ASSIGNED TASK:
Report every line of the material that contains the string "outdoors".

DATA RECORDS:
Content starts

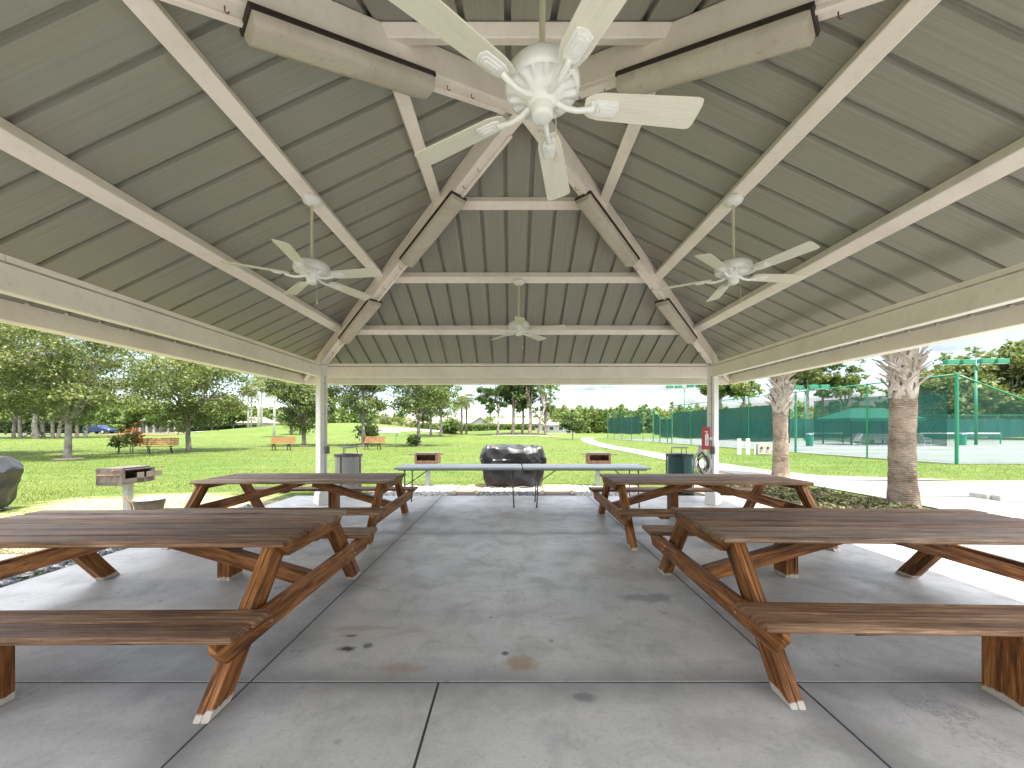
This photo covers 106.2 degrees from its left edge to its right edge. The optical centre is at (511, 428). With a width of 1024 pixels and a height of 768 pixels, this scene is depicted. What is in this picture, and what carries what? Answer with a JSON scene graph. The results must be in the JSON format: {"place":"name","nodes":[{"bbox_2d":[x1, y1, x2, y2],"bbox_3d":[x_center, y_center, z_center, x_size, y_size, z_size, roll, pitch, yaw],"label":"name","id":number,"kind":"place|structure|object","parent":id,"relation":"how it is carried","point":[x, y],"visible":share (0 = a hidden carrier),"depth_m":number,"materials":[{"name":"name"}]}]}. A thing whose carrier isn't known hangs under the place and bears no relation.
{"place":"outdoors","nodes":[
{"label":"outdoors","id":0,"kind":"place"},
{"bbox_2d":[98,431,203,433],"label":"road","id":1,"kind":"structure","parent":0,"point":[131,433],"depth_m":69.31,"materials":[{"name":"grey asphalt"}]},
{"bbox_2d":[82,425,116,433],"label":"blue estate car","id":2,"kind":"object","parent":1,"relation":"on","point":[97,429],"visible":0.84,"depth_m":67.65,"materials":[{"name":"paint"}]},
{"bbox_2d":[0,496,1023,767],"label":"floor slab","id":3,"kind":"structure","parent":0,"point":[502,588],"depth_m":2.34,"materials":[{"name":"concrete"}]},
{"bbox_2d":[0,510,376,723],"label":"picnic table","id":4,"kind":"object","parent":3,"relation":"on","point":[221,538],"visible":1,"depth_m":2.44,"materials":[{"name":"wood"}]},
{"bbox_2d":[159,473,417,549],"bbox_3d":[-2.984,1.076,5.600,2.784,0.747,2.061,0,0,-1],"label":"picnic table","id":5,"kind":"object","parent":3,"relation":"on","point":[379,509],"visible":0.77,"depth_m":5.52,"materials":[{"name":"wood"}]},
{"bbox_2d":[0,484,641,587],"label":"gravel","id":6,"kind":"structure","parent":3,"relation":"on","point":[439,491],"depth_m":8.54,"materials":[{"name":"grey gravel"}]},
{"bbox_2d":[408,452,443,485],"bbox_3d":[-2.133,1.044,9.737,0.889,0.871,0.458,0,0,0],"label":"park grill","id":7,"kind":"object","parent":6,"relation":"on","point":[427,457],"visible":0.89,"depth_m":9.70,"materials":[{"name":"metal"}]},
{"bbox_2d":[581,452,616,486],"bbox_3d":[2.178,1.044,9.737,0.889,0.871,0.458,0,0,4],"label":"park grill","id":8,"kind":"object","parent":6,"relation":"on","point":[598,457],"visible":0.88,"depth_m":9.70,"materials":[{"name":"metal"}]},
{"bbox_2d":[394,464,521,507],"bbox_3d":[-0.978,1.079,7.330,2.325,0.742,0.750,0,0,0],"label":"folding table","id":9,"kind":"object","parent":3,"relation":"on","point":[461,467],"visible":0.91,"depth_m":7.02,"materials":[{"name":"grey plastic"}]},
{"bbox_2d":[0,0,1023,504],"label":"picnic pavilion","id":10,"kind":"structure","parent":3,"relation":"on","point":[160,160],"depth_m":3.39,"materials":[{"name":"metal"}]},
{"bbox_2d":[220,193,382,303],"bbox_3d":[-1.873,-1.678,3.624,1.342,1.011,1.343,0,0,0],"label":"ceiling fan","id":11,"kind":"object","parent":10,"relation":"hanging from","point":[312,270],"visible":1,"depth_m":3.59,"materials":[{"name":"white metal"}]},
{"bbox_2d":[239,1,435,99],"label":"strip light","id":12,"kind":"object","parent":10,"relation":"attached to","point":[268,30],"visible":1,"depth_m":2.36,"materials":[{"name":"beige plastic"}]},
{"bbox_2d":[338,298,381,343],"bbox_3d":[-2.478,-1.709,6.228,1.195,0.486,0.215,0,0,45],"label":"strip light","id":13,"kind":"object","parent":10,"relation":"attached to","point":[368,309],"visible":0.99,"depth_m":6.11,"materials":[{"name":"beige plastic"}]},
{"bbox_2d":[399,190,466,266],"bbox_3d":[-1.003,-2.409,4.753,1.180,0.481,0.215,0,0,45],"label":"strip light","id":14,"kind":"object","parent":10,"relation":"attached to","point":[447,210],"visible":1,"depth_m":4.63,"materials":[{"name":"beige plastic"}]},
{"bbox_2d":[474,279,565,348],"bbox_3d":[0.101,-1.678,5.629,1.356,1.011,1.298,0,0,0],"label":"ceiling fan","id":15,"kind":"object","parent":10,"relation":"hanging from","point":[518,325],"visible":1,"depth_m":5.61,"materials":[{"name":"white metal"}]},
{"bbox_2d":[389,0,703,200],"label":"ceiling fan","id":16,"kind":"object","parent":10,"relation":"hanging from","point":[541,78],"visible":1,"depth_m":1.61,"materials":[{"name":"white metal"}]},
{"bbox_2d":[575,190,639,266],"bbox_3d":[1.203,-2.409,4.753,0.215,0.481,1.180,0,0,45],"label":"strip light","id":17,"kind":"object","parent":10,"relation":"attached to","point":[592,209],"visible":1,"depth_m":4.63,"materials":[{"name":"beige plastic"}]},
{"bbox_2d":[655,298,697,343],"bbox_3d":[2.678,-1.709,6.228,0.215,0.486,1.195,0,0,45],"label":"strip light","id":18,"kind":"object","parent":10,"relation":"attached to","point":[668,309],"visible":1,"depth_m":6.10,"materials":[{"name":"beige plastic"}]},
{"bbox_2d":[693,446,711,473],"bbox_3d":[3.622,0.607,7.304,0.372,0.554,0.212,0,0,0],"label":"garden hose","id":19,"kind":"object","parent":10,"relation":"hanging from","point":[700,453],"visible":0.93,"depth_m":7.28,"materials":[{"name":"grey rubber"}]},
{"bbox_2d":[702,427,711,449],"bbox_3d":[3.686,0.185,7.266,0.198,0.430,0.025,0,0,0],"label":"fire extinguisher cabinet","id":20,"kind":"object","parent":10,"relation":"attached to","point":[706,438],"visible":1,"depth_m":7.26,"materials":[{"name":"red metal"}]},
{"bbox_2d":[615,0,819,93],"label":"strip light","id":21,"kind":"object","parent":10,"relation":"attached to","point":[788,31],"visible":0.87,"depth_m":2.36,"materials":[{"name":"beige plastic"}]},
{"bbox_2d":[655,193,819,303],"bbox_3d":[2.137,-1.678,3.666,1.327,1.011,1.352,0,0,0],"label":"ceiling fan","id":22,"kind":"object","parent":10,"relation":"hanging from","point":[733,270],"visible":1,"depth_m":3.58,"materials":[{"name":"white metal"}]},
{"bbox_2d":[522,464,651,507],"bbox_3d":[1.365,1.079,7.330,2.330,0.742,0.750,0,0,0],"label":"folding table","id":23,"kind":"object","parent":3,"relation":"on","point":[583,467],"visible":0.81,"depth_m":7.02,"materials":[{"name":"grey plastic"}]},
{"bbox_2d":[588,474,840,551],"bbox_3d":[2.663,1.076,5.520,2.754,0.747,2.061,0,0,1],"label":"picnic table","id":24,"kind":"object","parent":3,"relation":"on","point":[676,484],"visible":0.76,"depth_m":5.44,"materials":[{"name":"wood"}]},
{"bbox_2d":[642,507,1023,712],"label":"picnic table","id":25,"kind":"object","parent":3,"relation":"on","point":[932,537],"visible":1,"depth_m":2.49,"materials":[{"name":"wood"}]},
{"bbox_2d":[0,423,1023,585],"bbox_3d":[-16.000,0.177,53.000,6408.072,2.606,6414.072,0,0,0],"label":"lawn","id":26,"kind":"structure","parent":0,"point":[338,431],"depth_m":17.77,"materials":[{"name":"green plant"}]},
{"bbox_2d":[0,456,23,509],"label":"covered grill","id":27,"kind":"object","parent":26,"relation":"on","point":[11,470],"visible":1,"depth_m":6.88,"materials":[{"name":"black fabric"}]},
{"bbox_2d":[3,387,42,438],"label":"roadside tree","id":28,"kind":"object","parent":26,"relation":"on","point":[34,427],"visible":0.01,"depth_m":48.76,"materials":[{"name":"grey plant"}]},
{"bbox_2d":[5,402,47,437],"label":"roadside tree","id":29,"kind":"object","parent":26,"relation":"on","point":[20,419],"visible":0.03,"depth_m":49.96,"materials":[{"name":"plant"}]},
{"bbox_2d":[0,419,91,433],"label":"hedge","id":30,"kind":"object","parent":26,"relation":"on","point":[26,426],"visible":0.47,"depth_m":73.14,"materials":[{"name":"green plant"}]},
{"bbox_2d":[0,325,105,434],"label":"oak tree","id":31,"kind":"object","parent":26,"relation":"on","point":[29,342],"visible":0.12,"depth_m":22.25,"materials":[{"name":"green plant"}]},
{"bbox_2d":[0,548,105,578],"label":"soil","id":32,"kind":"structure","parent":26,"relation":"on","point":[4,556],"depth_m":4.56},
{"bbox_2d":[47,368,127,437],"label":"roadside tree","id":33,"kind":"object","parent":26,"relation":"on","point":[85,433],"visible":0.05,"depth_m":50.88,"materials":[{"name":"green plant"}]},
{"bbox_2d":[0,323,184,457],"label":"oak tree","id":34,"kind":"object","parent":26,"relation":"on","point":[60,370],"visible":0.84,"depth_m":17.92,"materials":[{"name":"green plant"}]},
{"bbox_2d":[0,406,231,432],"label":"woods","id":35,"kind":"object","parent":26,"relation":"on","point":[89,416],"visible":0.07,"depth_m":92.76,"materials":[{"name":"green plant"}]},
{"bbox_2d":[106,434,128,452],"bbox_3d":[-23.327,0.914,22.882,1.031,1.234,1.065,0,0,31],"label":"staked sapling","id":36,"kind":"object","parent":26,"relation":"on","point":[116,443],"visible":0.73,"depth_m":22.68,"materials":[{"name":"green plant"}]},
{"bbox_2d":[94,406,146,429],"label":"garden tree","id":37,"kind":"object","parent":26,"relation":"on","point":[111,415],"visible":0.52,"depth_m":79.86,"materials":[{"name":"green plant"}]},
{"bbox_2d":[94,465,163,509],"bbox_3d":[-6.530,1.064,6.549,0.475,0.831,0.844,0,0,5],"label":"park grill","id":38,"kind":"object","parent":26,"relation":"on","point":[126,478],"visible":0.96,"depth_m":6.50,"materials":[{"name":"metal"}]},
{"bbox_2d":[118,422,145,453],"bbox_3d":[-22.265,0.587,22.654,1.347,1.888,1.190,0,0,-34],"label":"flowering shrub","id":39,"kind":"object","parent":26,"relation":"on","point":[134,438],"visible":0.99,"depth_m":22.44,"materials":[{"name":"green plant"}]},
{"bbox_2d":[119,404,168,432],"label":"garden tree","id":40,"kind":"object","parent":26,"relation":"on","point":[133,416],"visible":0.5,"depth_m":78.97,"materials":[{"name":"green plant"}]},
{"bbox_2d":[125,495,166,509],"bbox_3d":[-5.988,1.291,6.340,0.428,0.377,0.451,0,0,24],"label":"metal bucket","id":41,"kind":"object","parent":26,"relation":"on","point":[149,502],"visible":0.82,"depth_m":6.23,"materials":[{"name":"metal"}]},
{"bbox_2d":[138,438,178,453],"bbox_3d":[-20.744,1.020,22.636,1.675,0.932,0.611,0,0,-28],"label":"park bench","id":42,"kind":"object","parent":26,"relation":"on","point":[175,442],"visible":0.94,"depth_m":22.75,"materials":[{"name":"brown wood"}]},
{"bbox_2d":[136,404,184,432],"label":"garden tree","id":43,"kind":"object","parent":26,"relation":"on","point":[152,416],"visible":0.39,"depth_m":80.54,"materials":[{"name":"green plant"}]},
{"bbox_2d":[126,420,197,432],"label":"bungalow","id":44,"kind":"object","parent":26,"relation":"on","point":[149,430],"visible":0.12,"depth_m":91.94,"materials":[{"name":"beige paint"}]},
{"bbox_2d":[94,352,259,450],"bbox_3d":[-21.104,-2.054,25.037,8.823,7.287,10.314,0,0,-44],"label":"oak tree","id":45,"kind":"object","parent":26,"relation":"on","point":[192,377],"visible":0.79,"depth_m":24.02,"materials":[{"name":"green plant"}]},
{"bbox_2d":[5,398,371,424],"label":"woods","id":46,"kind":"object","parent":26,"relation":"on","point":[267,413],"visible":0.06,"depth_m":115.20,"materials":[{"name":"green plant"}]},
{"bbox_2d":[177,425,256,431],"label":"hedge","id":47,"kind":"object","parent":26,"relation":"on","point":[226,427],"visible":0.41,"depth_m":87.29,"materials":[{"name":"green plant"}]},
{"bbox_2d":[218,401,256,428],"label":"garden tree","id":48,"kind":"object","parent":26,"relation":"on","point":[239,418],"visible":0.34,"depth_m":85.17,"materials":[{"name":"green plant"}]},
{"bbox_2d":[231,417,277,425],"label":"bungalow","id":49,"kind":"object","parent":26,"relation":"on","point":[267,422],"visible":0.3,"depth_m":100.75,"materials":[{"name":"beige paint"}]},
{"bbox_2d":[249,376,263,426],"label":"slim palm","id":50,"kind":"object","parent":26,"relation":"on","point":[258,408],"visible":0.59,"depth_m":73.83,"materials":[{"name":"beige plant"}]},
{"bbox_2d":[261,382,283,436],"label":"slim palm","id":51,"kind":"object","parent":26,"relation":"on","point":[267,395],"visible":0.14,"depth_m":51.88,"materials":[{"name":"beige plant"}]},
{"bbox_2d":[271,437,295,450],"bbox_3d":[-15.602,1.020,26.060,1.620,0.932,0.602,0,0,-2],"label":"park bench","id":52,"kind":"object","parent":26,"relation":"on","point":[283,439],"visible":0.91,"depth_m":26.25,"materials":[{"name":"brown wood"}]},
{"bbox_2d":[258,378,346,444],"bbox_3d":[-17.552,-1.861,32.397,6.613,6.892,6.984,0,0,-33],"label":"oak tree","id":53,"kind":"object","parent":26,"relation":"on","point":[303,397],"visible":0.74,"depth_m":31.38,"materials":[{"name":"green plant"}]},
{"bbox_2d":[334,447,362,495],"bbox_3d":[-3.719,0.949,8.750,0.610,1.062,0.610,0,0,0],"label":"litter bin","id":54,"kind":"object","parent":26,"relation":"on","point":[348,462],"visible":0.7,"depth_m":8.53,"materials":[{"name":"silver metal"}]},
{"bbox_2d":[327,385,394,444],"bbox_3d":[-12.902,-2.395,32.645,6.740,7.960,7.005,0,0,2],"label":"oak tree","id":55,"kind":"object","parent":26,"relation":"on","point":[351,398],"visible":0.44,"depth_m":31.79,"materials":[{"name":"green plant"}]},
{"bbox_2d":[352,420,380,443],"bbox_3d":[-13.603,0.332,35.989,2.634,2.346,2.578,0,0,0],"label":"young shrub","id":56,"kind":"object","parent":26,"relation":"on","point":[371,430],"visible":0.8,"depth_m":35.75,"materials":[{"name":"green plant"}]},
{"bbox_2d":[336,410,408,425],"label":"woods","id":57,"kind":"object","parent":26,"relation":"on","point":[346,418],"visible":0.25,"depth_m":101.57,"materials":[{"name":"green plant"}]},
{"bbox_2d":[364,436,385,449],"bbox_3d":[-9.845,1.020,27.258,1.620,0.932,0.602,0,0,14],"label":"park bench","id":58,"kind":"object","parent":26,"relation":"on","point":[374,439],"visible":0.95,"depth_m":27.44,"materials":[{"name":"brown wood"}]},
{"bbox_2d":[386,385,460,445],"bbox_3d":[-7.954,-2.012,31.877,6.324,7.198,6.533,0,0,24],"label":"oak tree","id":59,"kind":"object","parent":26,"relation":"on","point":[429,395],"visible":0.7,"depth_m":31.33,"materials":[{"name":"green plant"}]},
{"bbox_2d":[420,385,468,436],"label":"oak tree","id":60,"kind":"object","parent":26,"relation":"on","point":[452,395],"visible":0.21,"depth_m":54.85,"materials":[{"name":"green plant"}]},
{"bbox_2d":[436,417,460,433],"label":"bush","id":61,"kind":"object","parent":26,"relation":"on","point":[450,425],"visible":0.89,"depth_m":64.62,"materials":[{"name":"green plant"}]},
{"bbox_2d":[420,417,487,424],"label":"bungalow","id":62,"kind":"object","parent":26,"relation":"on","point":[475,420],"visible":0.08,"depth_m":110.91,"materials":[{"name":"beige paint"}]},
{"bbox_2d":[382,423,534,430],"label":"hedge","id":63,"kind":"object","parent":26,"relation":"on","point":[477,427],"visible":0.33,"depth_m":102.17,"materials":[{"name":"green plant"}]},
{"bbox_2d":[457,394,476,434],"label":"slim palm","id":64,"kind":"object","parent":26,"relation":"on","point":[466,407],"visible":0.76,"depth_m":61.66,"materials":[{"name":"green plant"}]},
{"bbox_2d":[367,485,643,495],"bbox_3d":[-0.050,1.468,9.110,6.500,0.001,1.580,0,0,0],"label":"gravel bed","id":65,"kind":"object","parent":26,"relation":"on","point":[546,493],"visible":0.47,"depth_m":8.82,"materials":[{"name":"grey gravel"}]},
{"bbox_2d":[543,485,569,490],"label":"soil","id":66,"kind":"structure","parent":65,"relation":"on","point":[556,487],"depth_m":9.35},
{"bbox_2d":[480,444,546,487],"bbox_3d":[0.024,0.918,9.735,1.681,1.077,0.810,0,0,0],"label":"covered grill","id":67,"kind":"object","parent":26,"relation":"on","point":[511,454],"visible":0.91,"depth_m":9.42,"materials":[{"name":"black plastic"}]},
{"bbox_2d":[496,385,533,434],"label":"pine tree","id":68,"kind":"object","parent":26,"relation":"on","point":[513,395],"visible":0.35,"depth_m":60.68,"materials":[{"name":"green plant"}]},
{"bbox_2d":[491,418,542,431],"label":"bungalow","id":69,"kind":"object","parent":26,"relation":"on","point":[518,421],"visible":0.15,"depth_m":115.13,"materials":[{"name":"beige paint"}]},
{"bbox_2d":[492,435,563,437],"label":"soil","id":70,"kind":"structure","parent":26,"relation":"on","point":[523,435],"depth_m":57.62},
{"bbox_2d":[474,385,521,434],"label":"pine tree","id":71,"kind":"object","parent":70,"relation":"on","point":[491,405],"visible":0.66,"depth_m":59.59,"materials":[{"name":"green plant"}]},
{"bbox_2d":[512,385,537,434],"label":"pine tree","id":72,"kind":"object","parent":70,"relation":"on","point":[530,403],"visible":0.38,"depth_m":59.82,"materials":[{"name":"green plant"}]},
{"bbox_2d":[519,385,548,434],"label":"pine tree","id":73,"kind":"object","parent":70,"relation":"on","point":[540,390],"visible":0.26,"depth_m":59.88,"materials":[{"name":"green plant"}]},
{"bbox_2d":[532,385,560,434],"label":"pine tree","id":74,"kind":"object","parent":26,"relation":"on","point":[548,407],"visible":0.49,"depth_m":62.53,"materials":[{"name":"green plant"}]},
{"bbox_2d":[544,420,574,432],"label":"bungalow","id":75,"kind":"object","parent":26,"relation":"on","point":[553,427],"visible":0.58,"depth_m":116.00,"materials":[{"name":"beige paint"}]},
{"bbox_2d":[559,410,587,439],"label":"tree","id":76,"kind":"object","parent":26,"relation":"on","point":[566,423],"visible":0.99,"depth_m":49.12,"materials":[{"name":"green plant"}]},
{"bbox_2d":[607,409,652,440],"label":"court fence","id":77,"kind":"object","parent":26,"relation":"on","point":[626,425],"visible":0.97,"depth_m":49.18,"materials":[{"name":"green metal"}]},
{"bbox_2d":[665,447,693,494],"bbox_3d":[3.814,0.949,8.750,0.610,1.062,0.610,0,0,0],"label":"litter bin","id":78,"kind":"object","parent":26,"relation":"on","point":[679,463],"visible":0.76,"depth_m":8.53,"materials":[{"name":"green metal"}]},
{"bbox_2d":[548,400,820,434],"bbox_3d":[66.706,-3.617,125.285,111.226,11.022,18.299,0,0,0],"label":"woods","id":79,"kind":"object","parent":26,"relation":"on","point":[595,419],"visible":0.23,"depth_m":120.22,"materials":[{"name":"green plant"}]},
{"bbox_2d":[691,471,730,495],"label":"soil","id":80,"kind":"structure","parent":26,"relation":"on","point":[701,493],"depth_m":8.78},
{"bbox_2d":[705,485,920,508],"bbox_3d":[5.646,1.393,8.202,2.458,0.359,4.642,0,0,-13],"label":"ground cover","id":81,"kind":"object","parent":80,"relation":"on","point":[824,497],"visible":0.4,"depth_m":7.33,"materials":[{"name":"green plant"}]},
{"bbox_2d":[696,385,733,408],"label":"pine tree","id":82,"kind":"object","parent":26,"relation":"on","point":[703,388],"visible":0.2,"depth_m":57.80,"materials":[{"name":"green plant"}]},
{"bbox_2d":[722,381,764,406],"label":"tree","id":83,"kind":"object","parent":26,"relation":"on","point":[744,389],"visible":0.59,"depth_m":55.02,"materials":[{"name":"green plant"}]},
{"bbox_2d":[754,443,771,454],"bbox_3d":[13.914,1.145,21.375,0.875,0.650,0.350,0,0,0],"label":"utility box","id":84,"kind":"object","parent":26,"relation":"on","point":[762,448],"visible":1,"depth_m":21.25,"materials":[{"name":"beige paint"}]},
{"bbox_2d":[764,373,797,477],"bbox_3d":[7.648,-1.500,11.314,3.281,6.175,3.336,0,0,32],"label":"cabbage palm","id":85,"kind":"object","parent":26,"relation":"on","point":[779,403],"visible":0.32,"depth_m":11.04,"materials":[{"name":"beige plant"}]},
{"bbox_2d":[789,366,836,418],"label":"pine tree","id":86,"kind":"object","parent":26,"relation":"on","point":[805,378],"visible":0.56,"depth_m":59.29,"materials":[{"name":"green plant"}]},
{"bbox_2d":[671,372,958,464],"bbox_3d":[17.075,-0.403,26.942,0.160,3.805,22.509,0,0,-6],"label":"court fence","id":87,"kind":"object","parent":26,"relation":"on","point":[863,420],"visible":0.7,"depth_m":20.75,"materials":[{"name":"green metal"}]},
{"bbox_2d":[810,363,846,400],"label":"pine tree","id":88,"kind":"object","parent":26,"relation":"on","point":[833,367],"visible":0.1,"depth_m":61.16,"materials":[{"name":"green plant"}]},
{"bbox_2d":[811,359,878,399],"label":"pine tree","id":89,"kind":"object","parent":26,"relation":"on","point":[839,380],"visible":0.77,"depth_m":57.33,"materials":[{"name":"green plant"}]},
{"bbox_2d":[872,346,933,508],"bbox_3d":[7.008,-1.467,6.929,3.817,6.106,3.816,0,0,0],"label":"cabbage palm","id":90,"kind":"object","parent":26,"relation":"on","point":[903,370],"visible":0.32,"depth_m":6.81,"materials":[{"name":"beige plant"}]},
{"bbox_2d":[875,357,1023,438],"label":"oak tree","id":91,"kind":"object","parent":26,"relation":"on","point":[990,378],"visible":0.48,"depth_m":51.95,"materials":[{"name":"green plant"}]},
{"bbox_2d":[928,339,1023,438],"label":"oak tree","id":92,"kind":"object","parent":26,"relation":"on","point":[1015,349],"visible":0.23,"depth_m":51.76,"materials":[{"name":"green plant"}]},
{"bbox_2d":[959,375,1023,462],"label":"court fence","id":93,"kind":"object","parent":26,"relation":"on","point":[1003,417],"visible":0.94,"depth_m":15.80,"materials":[{"name":"green metal"}]},
{"bbox_2d":[969,491,1023,501],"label":"kerb","id":94,"kind":"structure","parent":26,"relation":"on","point":[1004,497],"depth_m":7.80,"materials":[{"name":"concrete"}]},
{"bbox_2d":[982,338,1023,394],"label":"oak tree","id":95,"kind":"object","parent":26,"relation":"on","point":[1013,363],"visible":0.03,"depth_m":50.99,"materials":[{"name":"green plant"}]},
{"bbox_2d":[10,327,1023,419],"label":"sky","id":96,"kind":"structure","parent":0,"point":[598,396],"materials":[{"name":"white"}]},
{"bbox_2d":[580,438,945,480],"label":"path","id":97,"kind":"structure","parent":0,"point":[730,468],"depth_m":13.29,"materials":[{"name":"concrete"}]},
{"bbox_2d":[621,439,1023,463],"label":"court","id":98,"kind":"object","parent":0,"point":[988,454],"visible":0.52,"depth_m":26.74,"materials":[{"name":"concrete"}]},
{"bbox_2d":[653,408,671,442],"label":"fence","id":99,"kind":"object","parent":98,"relation":"on","point":[662,428],"depth_m":40.05,"materials":[{"name":"green fabric"}]},
{"bbox_2d":[790,385,829,440],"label":"court lamp","id":100,"kind":"object","parent":98,"relation":"on","point":[814,386],"visible":0.68,"depth_m":45.92,"materials":[{"name":"green metal"}]},
{"bbox_2d":[790,415,1023,439],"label":"court fence","id":101,"kind":"object","parent":98,"relation":"on","point":[988,425],"visible":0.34,"depth_m":47.45,"materials":[{"name":"green metal"}]},
{"bbox_2d":[942,359,1009,444],"bbox_3d":[41.013,-2.360,34.000,5.724,7.620,0.590,0,0,-3],"label":"court lamp","id":102,"kind":"object","parent":98,"relation":"on","point":[971,361],"visible":1,"depth_m":33.91,"materials":[{"name":"green metal"}]},
{"bbox_2d":[809,481,1023,496],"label":"path","id":103,"kind":"structure","parent":0,"point":[927,488],"depth_m":9.47,"materials":[{"name":"concrete"}]},
{"bbox_2d":[881,497,1023,508],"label":"pavement","id":104,"kind":"structure","parent":0,"point":[956,503],"depth_m":7.45,"materials":[{"name":"concrete"}]},
{"bbox_2d":[961,509,1023,561],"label":"pavement","id":105,"kind":"structure","parent":0,"point":[1015,552],"depth_m":4.70,"materials":[{"name":"concrete"}]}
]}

Content ends

RESPONSE:
{"place":"outdoors","nodes":[
{"label":"outdoors","id":0,"kind":"place"},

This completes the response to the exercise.